▶ **Requirement**
Pictures stay out; everything else in the records is to be copied exactly.

▶ **Material to process**
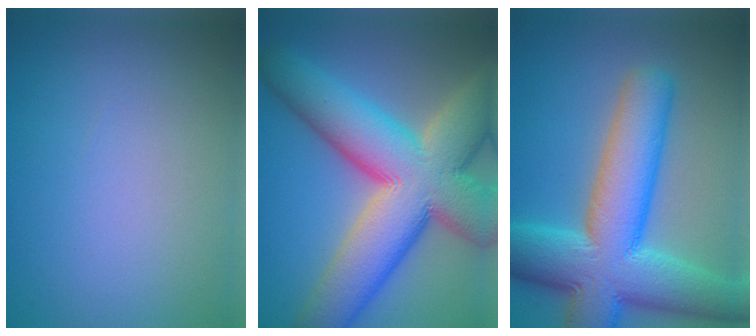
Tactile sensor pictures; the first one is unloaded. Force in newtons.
{"total": 15.3, "press": 15.3, "slide": 1.1}
{"total": 12.4, "press": 12.4, "slide": 0.6}
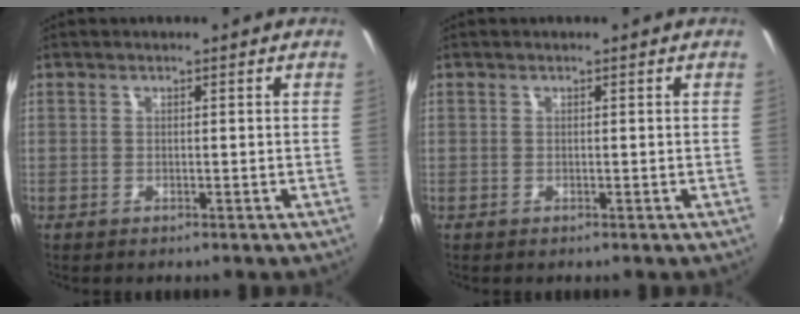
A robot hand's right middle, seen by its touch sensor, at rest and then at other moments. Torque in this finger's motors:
{"motor_torque": [-0.07, 0.07, 0.00, 0.00]}
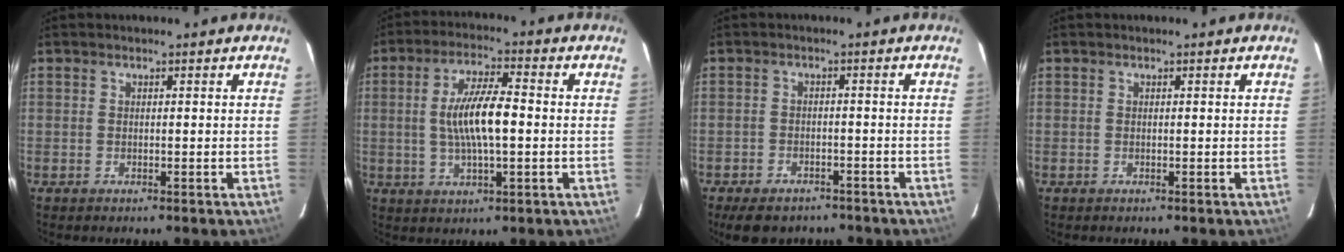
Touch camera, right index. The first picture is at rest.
{"total": 9.7, "force": [-0.2, 2.4, 9.4], "torque": [-0.177, 0.004, -0.001]}
{"total": 8.7, "force": [-6.7, 4.4, 3.3], "torque": [-0.080, -0.005, -0.093]}
{"total": 0.0}
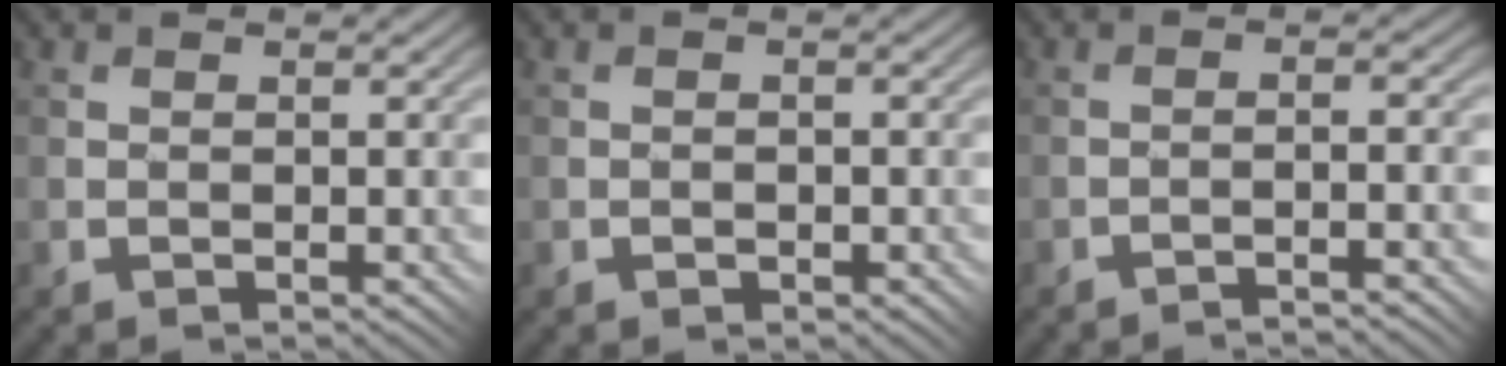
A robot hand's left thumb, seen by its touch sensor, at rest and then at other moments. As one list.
[{"total": 1.0, "force": [-0.5, 0.8, 0.3], "torque": [-0.002, 0.000, -0.010]}, {"total": 3.0, "force": [-2.1, -0.4, 2.1], "torque": [-0.030, 0.013, -0.042]}]
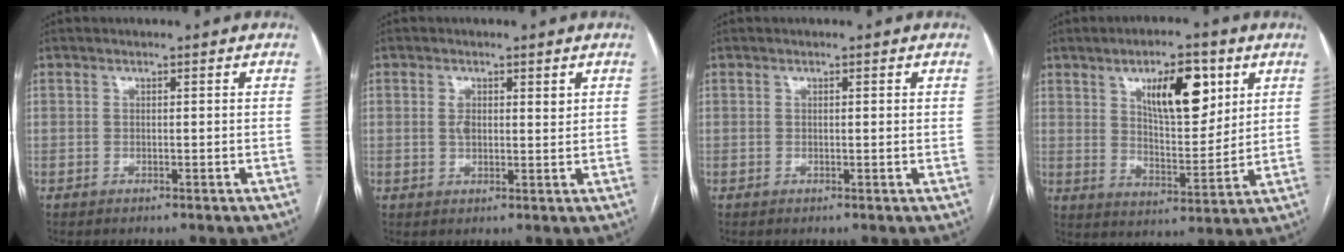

▶ **Exercise answer**
Tactile sensor pictures; the first one is unloaded. Force in newtons.
{"total": 15.3, "press": 15.3, "slide": 1.1}
{"total": 12.4, "press": 12.4, "slide": 0.6}
A robot hand's right middle, seen by its touch sensor, at rest and then at other moments. Torque in this finger's motors:
{"motor_torque": [-0.07, 0.07, 0.00, 0.00]}
Touch camera, right index. The first picture is at rest.
{"total": 9.7, "force": [-0.2, 2.4, 9.4], "torque": [-0.177, 0.004, -0.001]}
{"total": 8.7, "force": [-6.7, 4.4, 3.3], "torque": [-0.080, -0.005, -0.093]}
{"total": 0.0}
A robot hand's left thumb, seen by its touch sensor, at rest and then at other moments. As one list.
[{"total": 1.0, "force": [-0.5, 0.8, 0.3], "torque": [-0.002, 0.000, -0.010]}, {"total": 3.0, "force": [-2.1, -0.4, 2.1], "torque": [-0.030, 0.013, -0.042]}]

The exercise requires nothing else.